This is a heavy memoir of the deep-seated grief of a mother who has lost her youngest son in one of the worst ways imaginable. It’s bad enough to lose a child; to lose a child who has killed others before killing himself, shattering everything you thought you knew not only about him but about your family and yourself as a parent, is a source of never-ending trauma. Sue Klebold has poured out her heart, soul, pain, grief, and desperate love for a son who committed heinous acts on these pages. You don’t stop loving your child when they do something terrible, but it takes a lot of mental readjustment to incorporate that into your understanding of that child. This book demonstrates the unthinkable difficulty of how to continue on after a nightmare comes to life, and it does so with grace and dignity.
My heart broke over and over for the Klebolds throughout this book: for their pain, for their loss, for the realization that they misinterpreted the signs that something was wrong, and for their gradual understanding that there’s not always a failproof way to prevent these things (look at how difficult it is to get any kind of mental health help; Ms Klebold mentions that Eric Harris, the other Columbine shooter, had been receiving help). It’s not always or maybe even often about how children are parented- how many families can you think of where one sibling has major problems like drugs or crime and the rest of the siblings live normal lives?

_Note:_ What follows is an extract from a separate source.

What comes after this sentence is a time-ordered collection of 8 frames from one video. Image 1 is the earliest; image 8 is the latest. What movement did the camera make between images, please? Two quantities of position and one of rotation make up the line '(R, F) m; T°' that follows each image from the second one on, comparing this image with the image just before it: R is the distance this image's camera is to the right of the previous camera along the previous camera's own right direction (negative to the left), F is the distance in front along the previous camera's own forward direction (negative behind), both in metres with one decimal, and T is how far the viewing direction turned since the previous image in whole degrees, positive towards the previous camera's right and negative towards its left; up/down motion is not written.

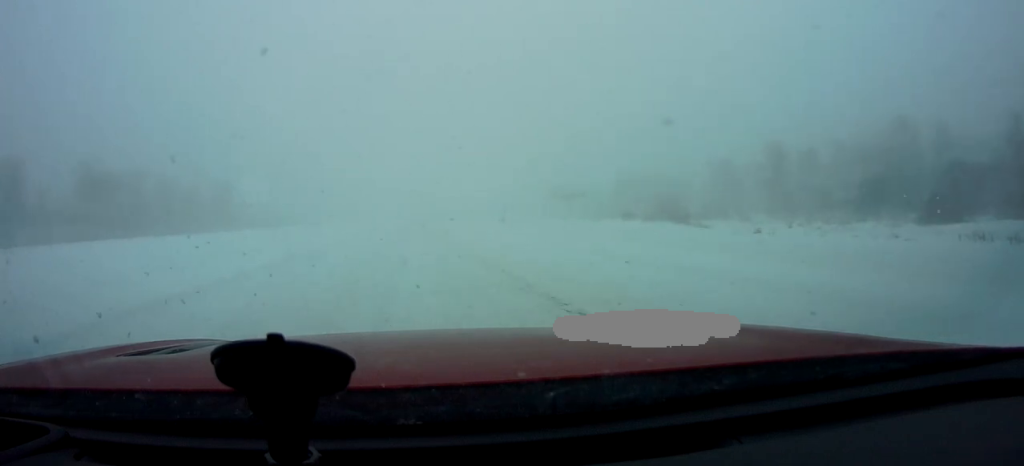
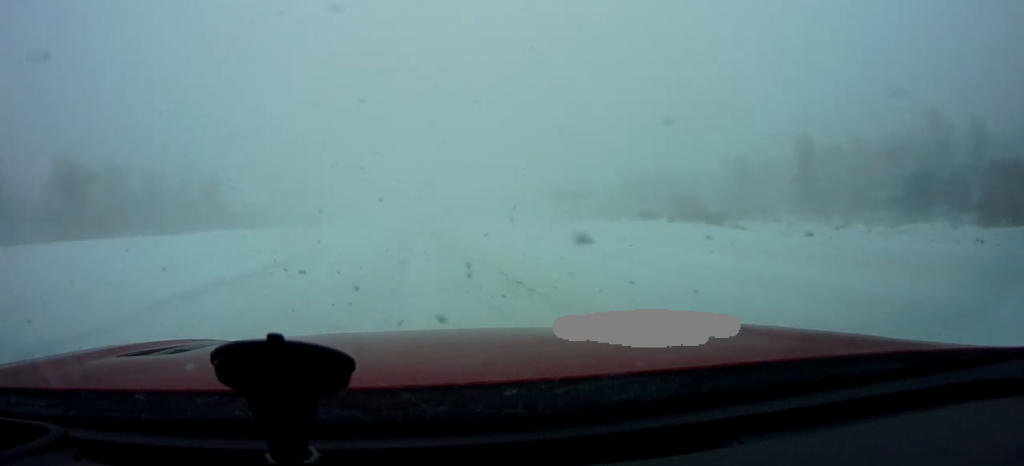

So much grief and guilt on every page of this book. I truly hope that Ms. Klebold has been able to find some modicum of peace. I know she’ll never stop loving and missing her son and questioning why- why him, why her, why their family, but I truly, truly hope she’s been able to find peace after such a terrible, terrible loss and painful aftermath.
3 thoughts on “Book Review: A Mother’s Reckoning: Living in the Aftermath of Tragedy by Sue Klebold”
This sounds like a really fascinating (but also sad) read. These kind of tragedies are always so difficult to read about.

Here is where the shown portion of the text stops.